- **WHAT YOU HAVE TO DO**
Output the records below verbatim, minus the pictures.

##### EXTRACTED INFORMATION

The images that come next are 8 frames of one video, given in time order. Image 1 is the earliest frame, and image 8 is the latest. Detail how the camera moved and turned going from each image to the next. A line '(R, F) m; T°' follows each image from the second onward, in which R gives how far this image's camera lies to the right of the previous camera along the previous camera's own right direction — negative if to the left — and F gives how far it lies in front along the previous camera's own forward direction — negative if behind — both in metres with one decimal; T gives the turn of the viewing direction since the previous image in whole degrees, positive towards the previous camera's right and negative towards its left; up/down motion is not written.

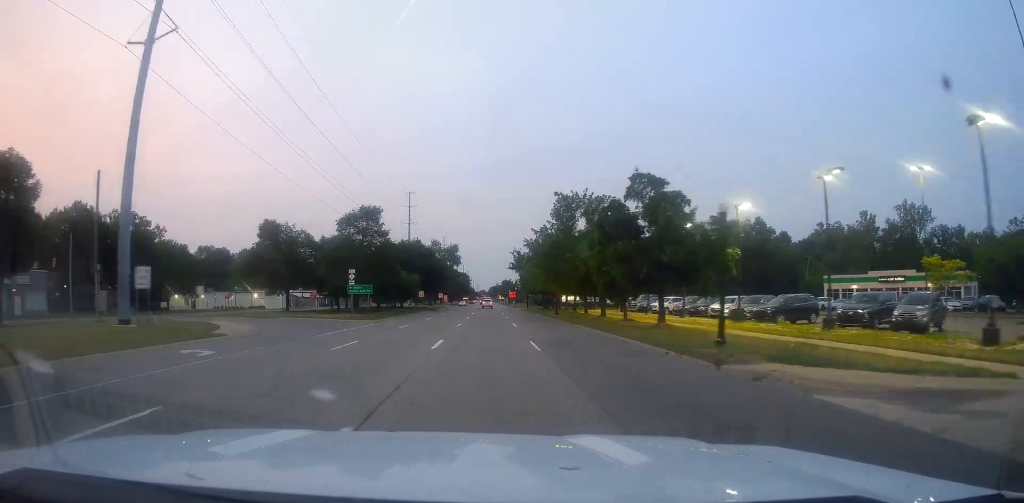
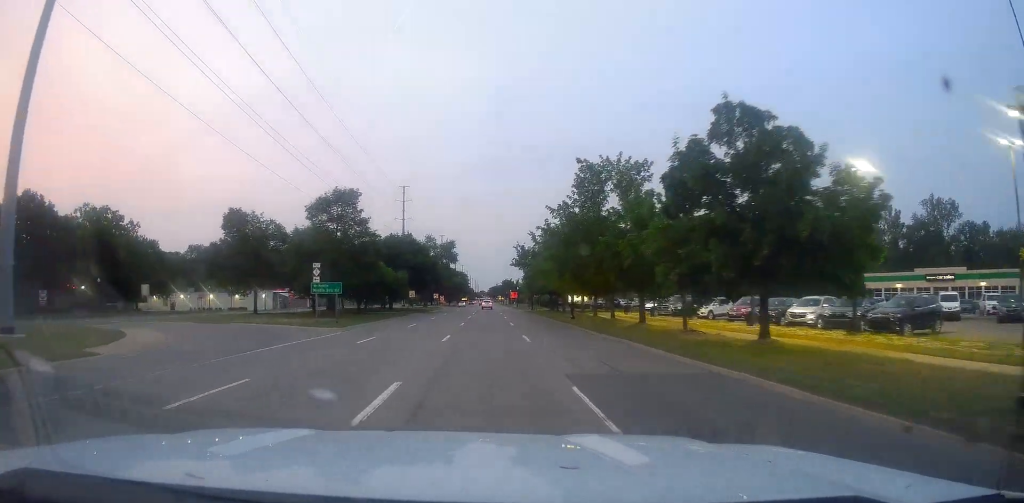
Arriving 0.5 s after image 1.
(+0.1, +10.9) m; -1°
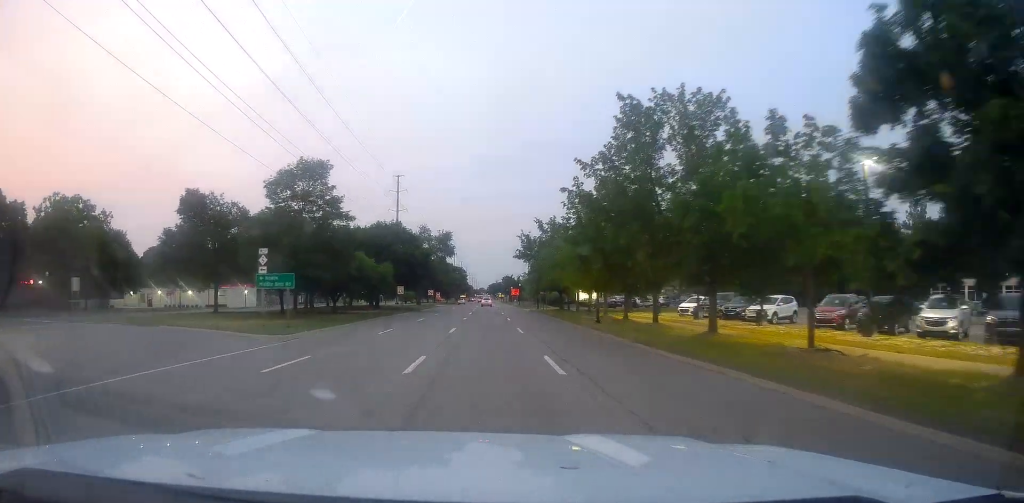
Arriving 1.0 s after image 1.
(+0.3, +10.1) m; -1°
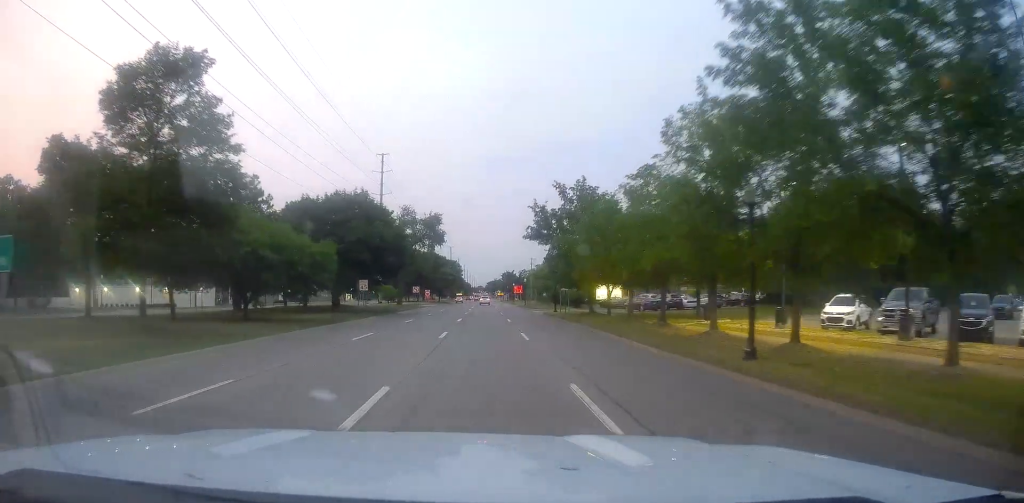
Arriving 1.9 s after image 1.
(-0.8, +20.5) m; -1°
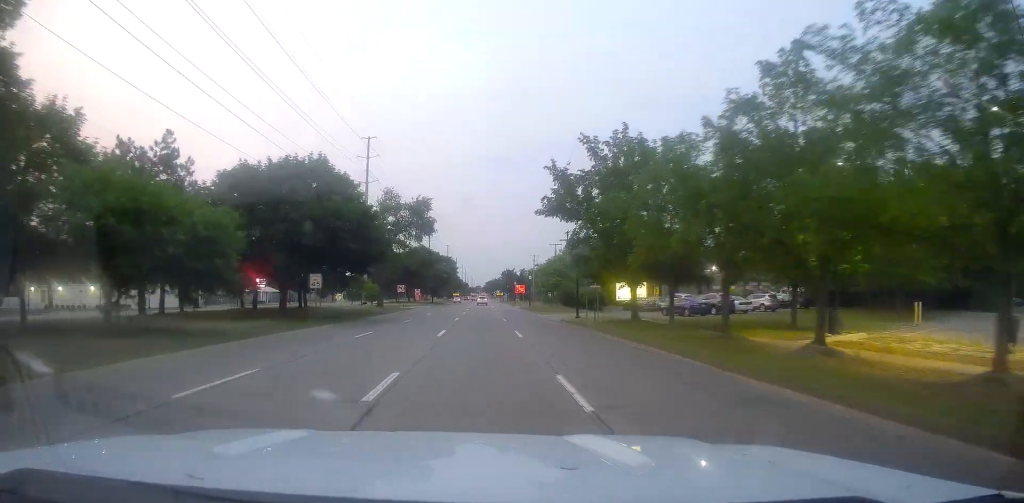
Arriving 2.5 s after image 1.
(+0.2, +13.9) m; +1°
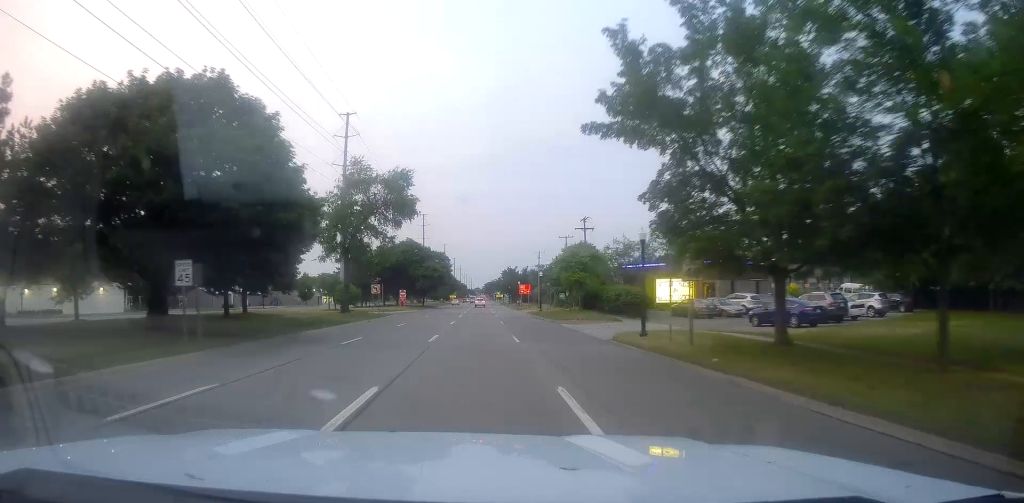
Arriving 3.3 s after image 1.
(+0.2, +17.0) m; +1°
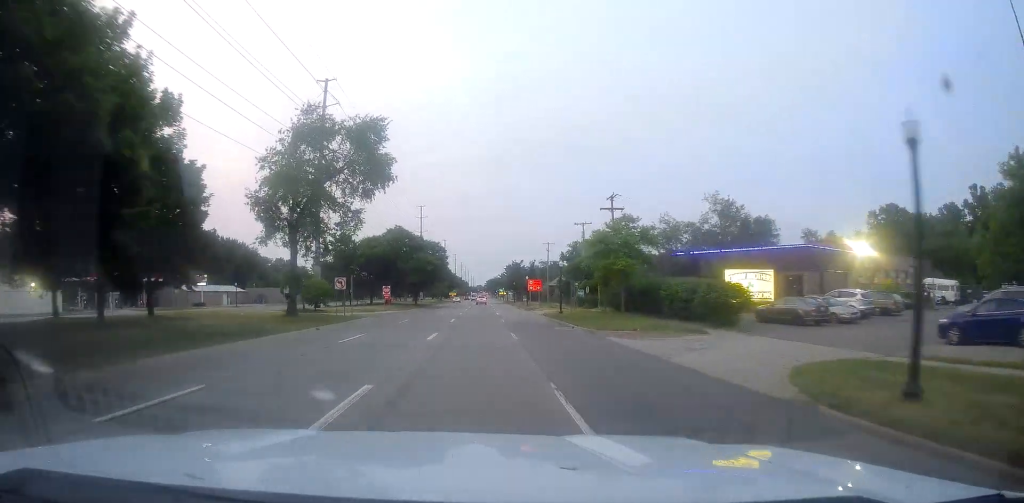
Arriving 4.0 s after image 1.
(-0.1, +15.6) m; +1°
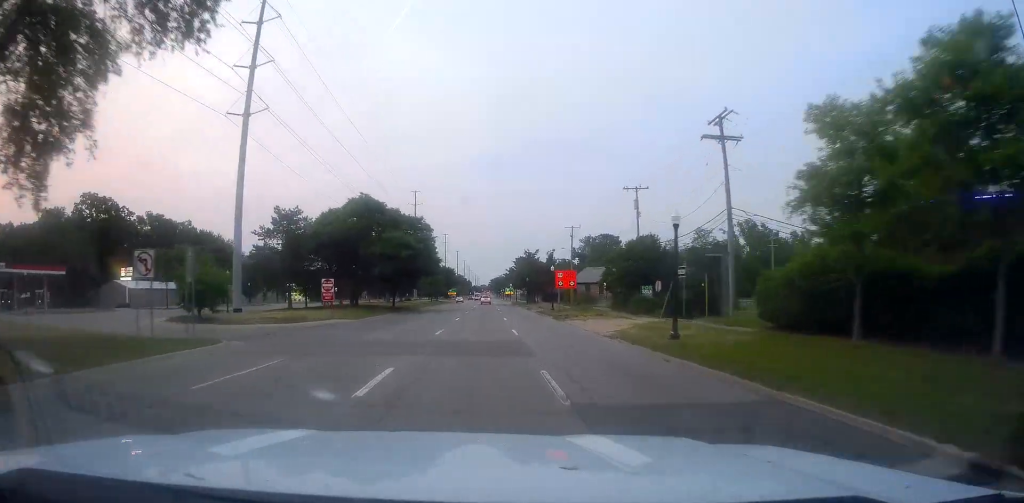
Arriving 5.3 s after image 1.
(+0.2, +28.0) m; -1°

##########

- **ANSWER FOR THIS EXERCISE**
The images that come next are 8 frames of one video, given in time order. Image 1 is the earliest frame, and image 8 is the latest. Detail how the camera moved and turned going from each image to the next. A line '(R, F) m; T°' follows each image from the second onward, in which R gives how far this image's camera lies to the right of the previous camera along the previous camera's own right direction — negative if to the left — and F gives how far it lies in front along the previous camera's own forward direction — negative if behind — both in metres with one decimal; T gives the turn of the viewing direction since the previous image in whole degrees, positive towards the previous camera's right and negative towards its left; up/down motion is not written.

Arriving 0.5 s after image 1.
(+0.1, +10.9) m; -1°
Arriving 1.0 s after image 1.
(+0.3, +10.1) m; -1°
Arriving 1.9 s after image 1.
(-0.8, +20.5) m; -1°
Arriving 2.5 s after image 1.
(+0.2, +13.9) m; +1°
Arriving 3.3 s after image 1.
(+0.2, +17.0) m; +1°
Arriving 4.0 s after image 1.
(-0.1, +15.6) m; +1°
Arriving 5.3 s after image 1.
(+0.2, +28.0) m; -1°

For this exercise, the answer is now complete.